O conto ruim
Esse conto foi escrito para um concurso de contos que acabara de abrir. Um concurso universitário, organizado pelo departamento de letras com o apoio de um importante instituto cultural. Uma pena, no entanto, que ele não seja bom. Uma tremenda falta de criatividade. Claro, de início não tinha consciência do que se tratava. Fiz com uma ponta de orgulho no peito, fiz com uma vontade de ganhar um prêmio, ser reconhecido, publicar um romance depois, superar a insegurança[1].
A ideia do conto era rememorar meu avô sem deixar passar a melancolia da morte. Uma homenagem aos momentos em que ele empunhava o bandoneón e se libertava da prisão que era ser um argentino[2]. Ele sempre me disse: meu filho, argentino não sorri, é sisudo, tem sempre o semblante sério. E ele tomava essa postura para a vida, menos quando tocava. Quando ele tocava era possível ver todas as emoções do tango que tocava.
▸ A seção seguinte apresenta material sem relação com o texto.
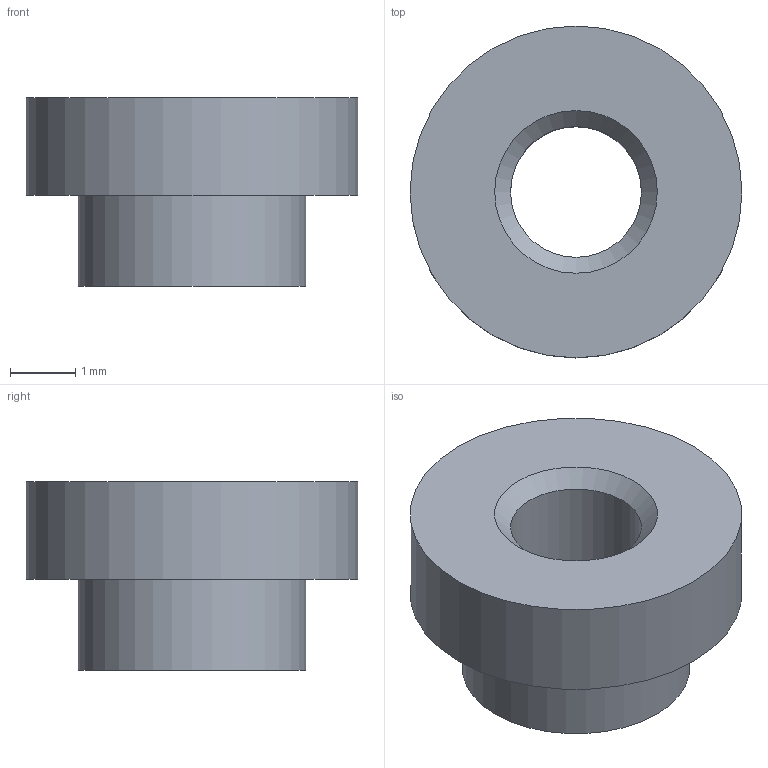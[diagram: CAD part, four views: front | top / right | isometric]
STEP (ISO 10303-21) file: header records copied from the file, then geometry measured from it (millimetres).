
FILE_DESCRIPTION(/* description */ ('model of Mounting_Wuerth_WA-SMSI-M2.5_H1.5mm_9774015151'),/* implementation_level */ '2;1');
FILE_NAME(/* name */ 'Mounting_Wuerth_WA-SMSI-M2.5_H1.5mm_9774015151.step',/* time_stamp */ '1970-01-01T00:00:00',/* author */ ('KiCAD','kicad'),/* organization */ ('OCCT'),/* preprocessor_version */ '',/* originating_system */ 'KiCAD',/* authorisation */ '');
FILE_SCHEMA(('AUTOMOTIVE_DESIGN { 1 0 10303 214 1 1 1 1 }'));
Length unit declared in the file: millimetre
Products named in the file (1): Mounting_Wuerth_WA-SMSI-M2.5_H1.5mm_9774015151
Bounding box: 5.1 x 5.1 x 2.9 mm (x, y, z)
Volume: 34.7 mm3; surface area: 91.4 mm2
Topology: 1 solids, 1 shells, 7 faces, 11 edges, 7 vertices
Faces by surface type: plane 3, cylinder 3, cone 1
Full cylindrical faces by diameter (mm): 2.01 x1, 3.5 x1, 5.1 x1
Entity records: 154 total; most frequent: ORIENTED_EDGE 18, CARTESIAN_POINT 17, AXIS2_PLACEMENT_3D 14, EDGE_CURVE 11, FACE_BOUND 10, EDGE_LOOP 10, DIRECTION 8, ADVANCED_FACE 7

Entre uma virada e outra, ao atingir o clímax da música, muitas vezes, ele chorava.
Lembro-me bem de ele beijar o chão em que tocava, depois o instrumento, e sentava se preparando para viver um amor intenso. Quando o bandoneón abria, e passava por cima de sua perna direita erguida, ganhava um movimento como o de uma cobra a rastejar. A firmeza não se dava até os momentos de paixão intensa, quando num rompante tudo mudava e meu avô, em seu momento mais argentino, sorria como um filho da puta. Sorria de chorar. E eu pensava: até nisso.
Fiquei um pouco quebrado sem esse tango. E, portanto, postei-me a escrever o conto. Era uma narrativa realista com três níveis. O do meu avô, o do narrador e o do escritor[3]. Não quis forçar muito, mas era minha maneira de prestar uma homenagem àquele homem que não sorria e não poderia ser traduzido por nada menos que um conto argentino, sisudo como deve ser. E aí é que fode, eu não sou argentino e o texto terminou ficando brega.
[1]Tantos anos de terapia e nada. Continuo inseguro quanto a meu trabalho, quanto a mim. Tem dias que acordo e não tenho vontade de sair da cama. Perco o dia na faculdade e fico olhando para o teto, parte no sonhar com meu eu lírico, parte no fugir do eu mesmo.
[2]Ele era carioca, mas tinha uma paixão assumida pela Argentina, por Astor Piazzolla e por Macedonio Fernández.
[3]Esse acontece pelas notas de rodapé.